When Western readers hear that retail investors account for 60-80% of the trading in China, they might think of the mom and pop investors portrayed at home—the grandmas investing their pensions, the local manager investing for his kid’s college fund.

While a sliver of that exists in China, the author Howie has written repeatedly that the Chinese press omits the fact that stocks are a rich person’s game in the country.

Seventy five percent of the individual stock accounts in China have less than 100,000 yuan ($16,000). The accounts with upwards of $1 million or more have a far greater push on the market. “When you start looking at value of those bigger accounts, the small investors’ effect is not as impressive as first appears,” he says.

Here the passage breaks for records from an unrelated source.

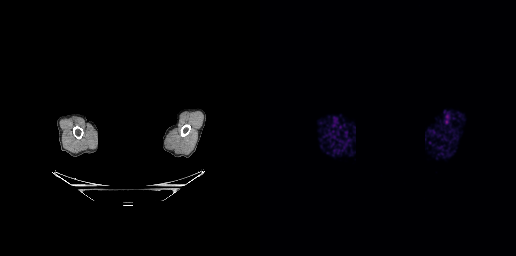
No PSMA-avid tumor lesions on this slice. The face region was removed for patient privacy by blanking a rectangle over the head. Two-panel axial: CT | PSMA PET, [68Ga]Ga-PSMA-11 tracer. Acquired on GE Discovery 690. PET panel 256×256 px (2.7 mm/px).
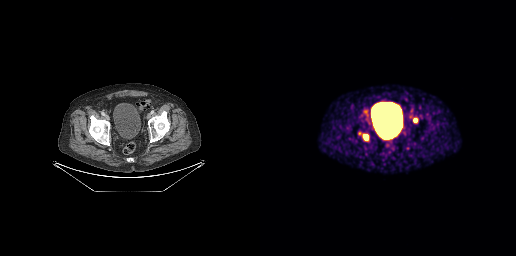
- Paired axial CT (left) and PSMA PET (right), 68Ga-PSMA tracer
- slice 60 of 263
- PET panel 256×256 px (2.7 mm/px)
Findings: Coordinates are on the 256×256 PET (right) panel. PSMA-avid tumor lesion bounding boxes (x, y, width, height): x=103 y=135 w=6 h=6; x=153 y=118 w=5 h=5. Small PSMA-avid focus (2 to 4 px across) near (center x, center y): (105, 111).
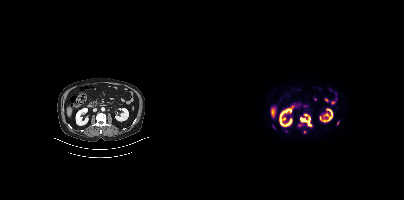
Left: CT. Right: PSMA PET, same axial level, [18F]PSMA-1007 tracer. Slice position z = -60 mm. PET panel 200×200 px (4.1 mm/px).
Coordinates are on the 200×200 PET (right) panel. PSMA-avid tumor lesion bounding boxes (partial; 1 more focus not listed):
| # | x0 | y0 | x1 | y1 |
|---|---|---|---|---|
| 1 | 96 | 114 | 107 | 126 |
Small PSMA-avid focus (2 to 4 px across) near (center x, center y): (100, 132).
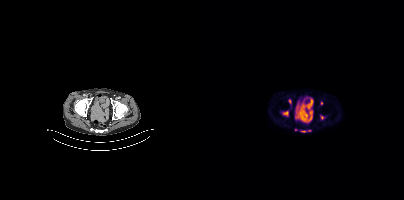
Coordinates are on the 200×200 PET (right) panel. (showing 6 of 7 foci) PSMA-avid tumor lesion bounding boxes (x, y, width, height): x=79 y=111 w=6 h=5; x=97 y=131 w=5 h=2. Small PSMA-avid foci (2 to 4 px across) near (center x, center y): (85, 101); (117, 103); (91, 129); (105, 130).
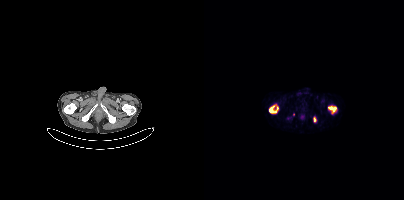
Coordinates are on the 200×200 PET (right) panel. (showing 4 of 5 foci) PSMA-avid tumor lesion bounding boxes (x0,y0,x1,y1): [124,106,132,113], [65,106,70,112], [109,117,112,121], [71,107,74,112]. Left: CT. Right: PSMA PET, same axial level, [68Ga]Ga-PSMA-11 tracer.
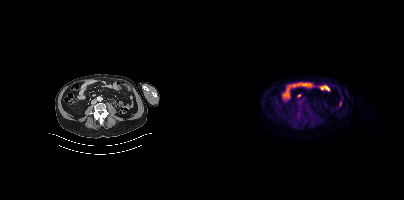
No PSMA-avid tumor lesions on this slice.
modality: PSMA PET/CT | tracer: 18F-PSMA | view: axial
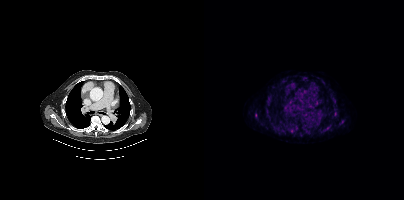
Paired axial CT (left) and PSMA PET (right), 18F-PSMA tracer. Slice 329 of 454. Coordinates are on the 200×200 PET (right) panel. Small PSMA-avid foci (2 to 4 px across) near (center x, center y): (51, 115) | (87, 130).
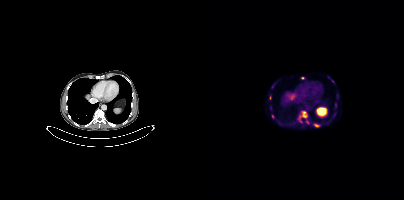
{"modality":"PSMA PET/CT","view":"axial","tracer":"[18F]PSMA-1007","pet_grid":[200,200],"coord_frame":"pet_panel","coord_format":"x0,y0,x1,y1","partial":true,"lesion_bboxes":[[94,111,103,122],[110,124,115,126]],"small_foci_centers":[[98,78],[103,122],[128,81]]}
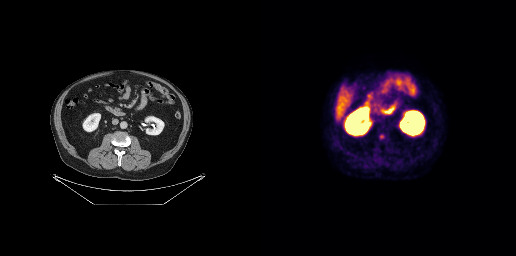
Coordinates are on the 256×256 PET (right) panel. Small PSMA-avid focus (2 to 4 px across) near (center x, center y): (121, 136).
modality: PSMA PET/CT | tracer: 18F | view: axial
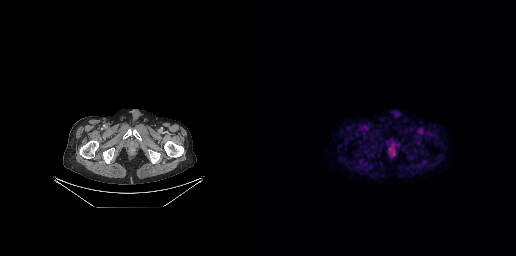
This slice has no annotated PSMA-avid lesion.
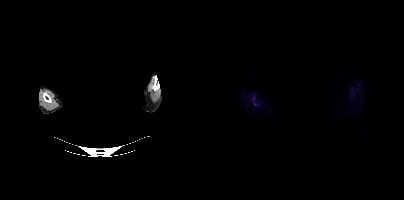
An anonymization step blacked out a rectangle over the head in this scan. Two-panel axial: CT | PSMA PET, 18F tracer. Acquired on Siemens Biograph mCT Flow 20. Slice 437 of 466. Coordinates are on the 200×200 PET (right) panel. Small PSMA-avid focus (2 to 4 px across) near (center x, center y): (51, 104).
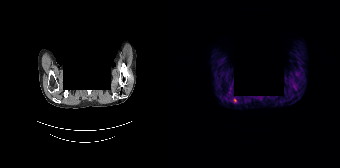
Facial anatomy redacted by setting a rectangular region of the head to black.
Coordinates are on the 168×168 PET (right) panel. PSMA-avid tumor lesion bounding box (x, y, width, height): x=61 y=98 w=4 h=5.
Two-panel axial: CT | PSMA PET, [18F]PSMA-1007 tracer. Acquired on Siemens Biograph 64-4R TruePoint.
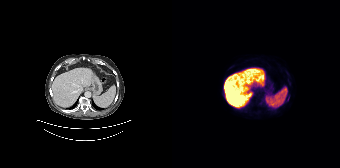
Coordinates are on the 168×168 PET (right) panel. PSMA-avid tumor lesion bounding box (x0, y0)-(x1, y1): (114, 96)-(117, 101).
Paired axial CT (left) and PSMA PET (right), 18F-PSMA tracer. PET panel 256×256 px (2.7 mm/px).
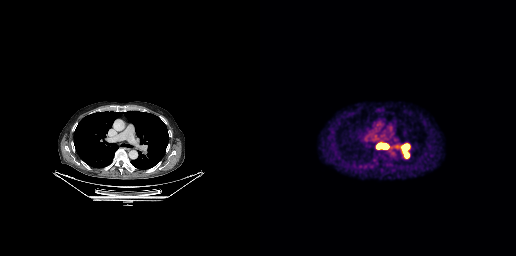
Coordinates are on the 256×256 PET (right) panel. PSMA-avid tumor lesion bounding boxes (x0, y0)-(x1, y1): (140, 143)-(150, 158) / (116, 142)-(129, 149). Small PSMA-avid focus (2 to 4 px across) near (center x, center y): (136, 146).
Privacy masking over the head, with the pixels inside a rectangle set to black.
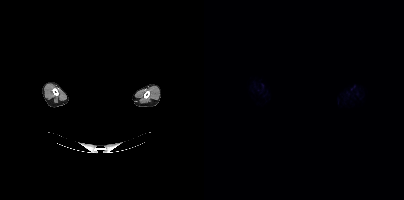
This slice has no annotated PSMA-avid lesion.
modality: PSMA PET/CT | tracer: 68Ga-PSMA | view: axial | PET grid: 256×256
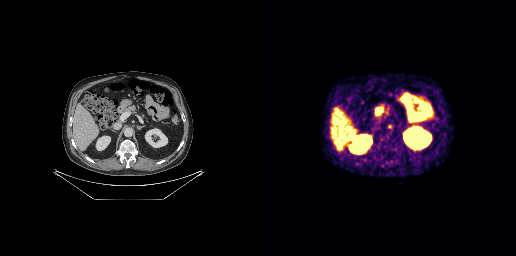
Coordinates are on the 256×256 PET (right) panel. PSMA-avid tumor lesion bounding box (x0,y0,x1,y1): [128,125,132,128].
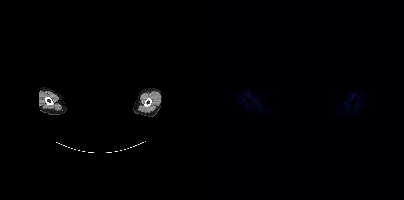
Findings: No PSMA-avid tumor lesions on this slice.
- Paired axial CT (left) and PSMA PET (right), 18F-PSMA tracer
- facial anatomy redacted by setting a rectangular region of the head to black
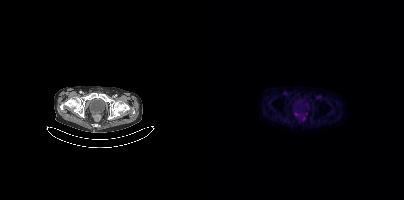
Technique: Left: CT. Right: PSMA PET, same axial level, 18F-PSMA tracer. acquired on Siemens Biograph mCT Flow 20. PET panel 200×200 px (4.1 mm/px).
Findings: Coordinates are on the 200×200 PET (right) panel. Small PSMA-avid focus (2 to 4 px across) near (center x, center y): (91, 113).
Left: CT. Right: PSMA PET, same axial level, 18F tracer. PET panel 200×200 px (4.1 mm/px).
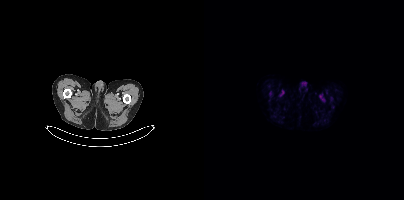
This slice has no annotated PSMA-avid lesion.
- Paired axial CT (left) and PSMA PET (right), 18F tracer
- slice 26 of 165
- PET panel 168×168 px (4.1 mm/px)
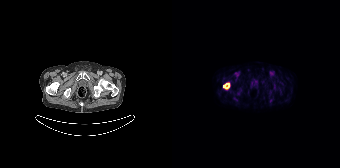
Findings: Coordinates are on the 168×168 PET (right) panel. PSMA-avid tumor lesion bounding box (x0,y0,x1,y1): [51,82,58,89].
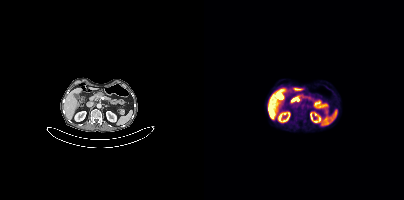
{"modality":"PSMA PET/CT","view":"axial","tracer":"18F-PSMA","pet_grid":[200,200],"coord_frame":"pet_panel","coord_format":"x0,y0,x1,y1","psma_avid_lesions":false}
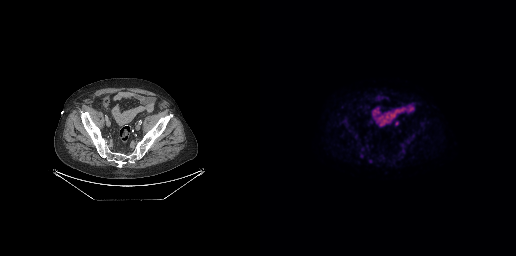
{"modality":"PSMA PET/CT","view":"axial","tracer":"18F","pet_grid":[256,256],"coord_frame":"pet_panel","coord_format":"x0,y0,x1,y1","psma_avid_lesions":false}
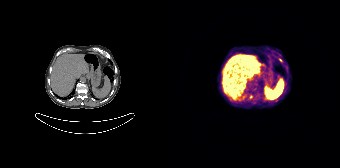
{"modality":"PSMA PET/CT","view":"axial","tracer":"68Ga-PSMA","pet_grid":[168,168],"coord_frame":"pet_panel","coord_format":"x0,y0,x1,y1","lesion_bboxes":[],"small_foci_centers":[[78,96],[108,59]]}
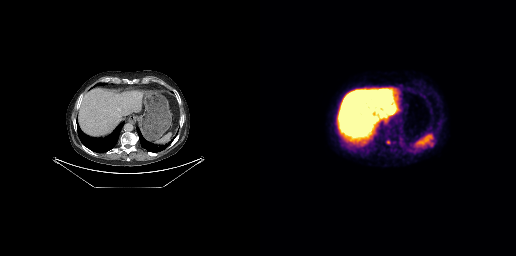
Coordinates are on the 256×256 PET (right) panel. (showing 6 of 7 foci) PSMA-avid tumor lesion bounding boxes (x0, y0)-(x1, y1): (161, 143)-(172, 148); (91, 107)-(96, 112); (119, 89)-(123, 93). Small PSMA-avid foci (2 to 4 px across) near (center x, center y): (111, 94); (122, 103); (128, 142).
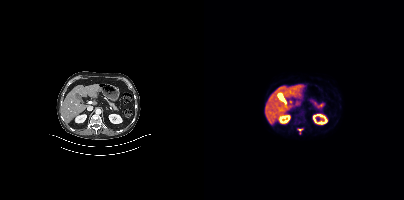
modality: PSMA PET/CT | tracer: 18F-PSMA | view: axial
Coordinates are on the 200×200 PET (right) panel. (showing 1 of 2 foci) PSMA-avid tumor lesion bounding box (x, y, width, height): x=94 y=129 w=5 h=2.
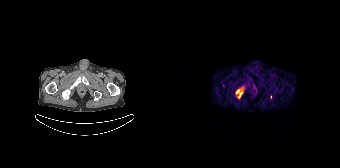
Coordinates are on the 168×168 PET (right) panel. PSMA-avid tumor lesion bounding boxes (partial; 1 more focus not listed):
| # | x0 | y0 | x1 | y1 |
|---|---|---|---|---|
| 1 | 64 | 89 | 70 | 97 |
Small PSMA-avid focus (2 to 4 px across) near (center x, center y): (70, 87).
Two-panel axial: CT | PSMA PET, [68Ga]Ga-PSMA-11 tracer. Slice position z = -894 mm.
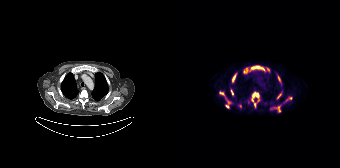
Paired axial CT (left) and PSMA PET (right), [18F]PSMA-1007 tracer. Coordinates are on the 168×168 PET (right) panel. PSMA-avid tumor lesion bounding boxes (x, y, width, height): x=79 y=91 w=9 h=17 / x=47 y=91 w=13 h=18 / x=78 y=65 w=16 h=7 / x=60 y=73 w=6 h=10 / x=102 y=105 w=7 h=8 / x=71 y=68 w=6 h=6 / x=105 y=93 w=5 h=7 / x=114 y=97 w=7 h=5 / x=105 y=75 w=4 h=8 / x=59 y=89 w=3 h=7. Small PSMA-avid foci (2 to 4 px across) near (center x, center y): (96, 69) / (68, 106) / (99, 108).
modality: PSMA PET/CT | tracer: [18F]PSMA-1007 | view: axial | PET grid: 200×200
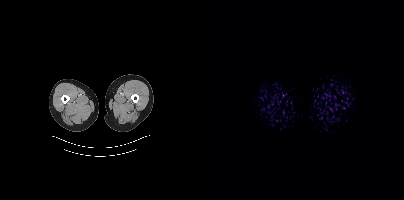
No PSMA-avid tumor lesions on this slice.
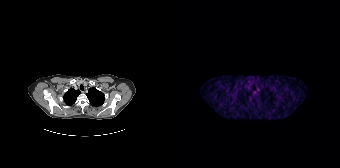
Negative for PSMA-avid disease on this slice.
modality: PSMA PET/CT | tracer: 68Ga | view: axial | PET grid: 168×168
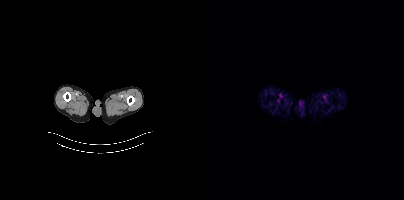
This slice has no annotated PSMA-avid lesion.
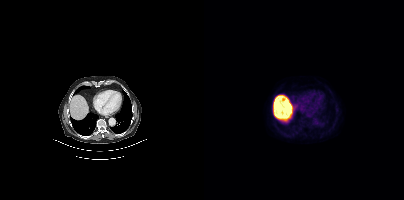
{"modality":"PSMA PET/CT","view":"axial","tracer":"18F","pet_grid":[200,200],"coord_frame":"pet_panel","coord_format":"x0,y0,x1,y1","psma_avid_lesions":false}
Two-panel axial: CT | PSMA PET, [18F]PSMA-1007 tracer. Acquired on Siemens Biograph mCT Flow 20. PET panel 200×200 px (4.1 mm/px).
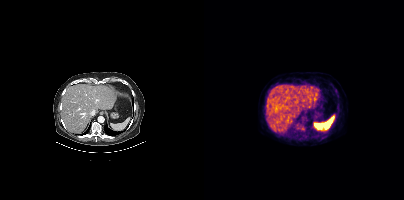
Coordinates are on the 200×200 PET (right) panel. PSMA-avid tumor lesion bounding boxes:
| # | x0 | y0 | x1 | y1 |
|---|---|---|---|---|
| 1 | 97 | 126 | 100 | 130 |
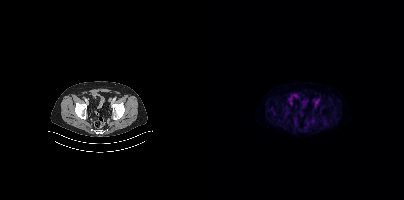
modality: PSMA PET/CT | tracer: 18F | view: axial
Coordinates are on the 200×200 PET (right) panel. PSMA-avid tumor lesion bounding box (x0, y0)-(x1, y1): (84, 97)-(88, 101).
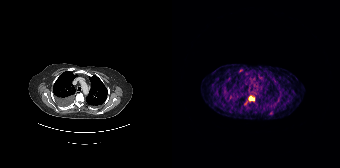
modality: PSMA PET/CT | tracer: 68Ga | view: axial | PET grid: 168×168
Coordinates are on the 168×168 PET (right) panel. PSMA-avid tumor lesion bounding box (x, y, width, height): x=77 y=96 w=6 h=5.
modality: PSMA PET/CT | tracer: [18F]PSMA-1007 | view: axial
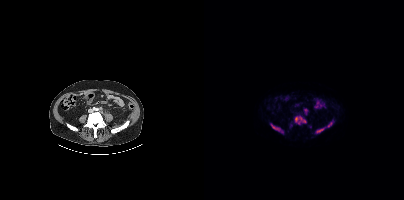
Coordinates are on the 200×200 PET (right) panel. PSMA-avid tumor lesion bounding boxes (x0,y0,x1,y1): [91,116,102,124]; [111,121,128,133]; [67,124,75,130]. Small PSMA-avid focus (2 to 4 px across) near (center x, center y): (101, 110).

In the last bull market of 2007, when the Chinese market more than doubled in just seven months, one of Howie’s colleagues at the brokerage CLSA spent a week asking everyone he could find how they were investing. The number of those actually trading was minimal, but everyone had a story about a friend striking it rich.

One of the places you can find some skepticism about stocks’ recent rise, ironically enough, is the very state-run press that earlier stoked enthusiasm. Last week Xinhua cited anonymous researchers predicting a pullback. A copy editor at the English-language China Daily, Huang Xiangyang, wrote a column wondering why China’s bull markets always seem to fizzle out soon after they start. “Based on global experience, returns on stocks are still closely correlated with corporate growth and innovation,” he wrote. “That may explain why bull markets in China never last more than two years, compared with as many as 17 years on Wall Street.”

Even so, he called this gold rush too good to miss. “In this market you do not have to buy and hold, as value investors are supposed to do. All you have to do is take the pulse of government policies and speculate on them.”

Easy enough, for those able to get into the game.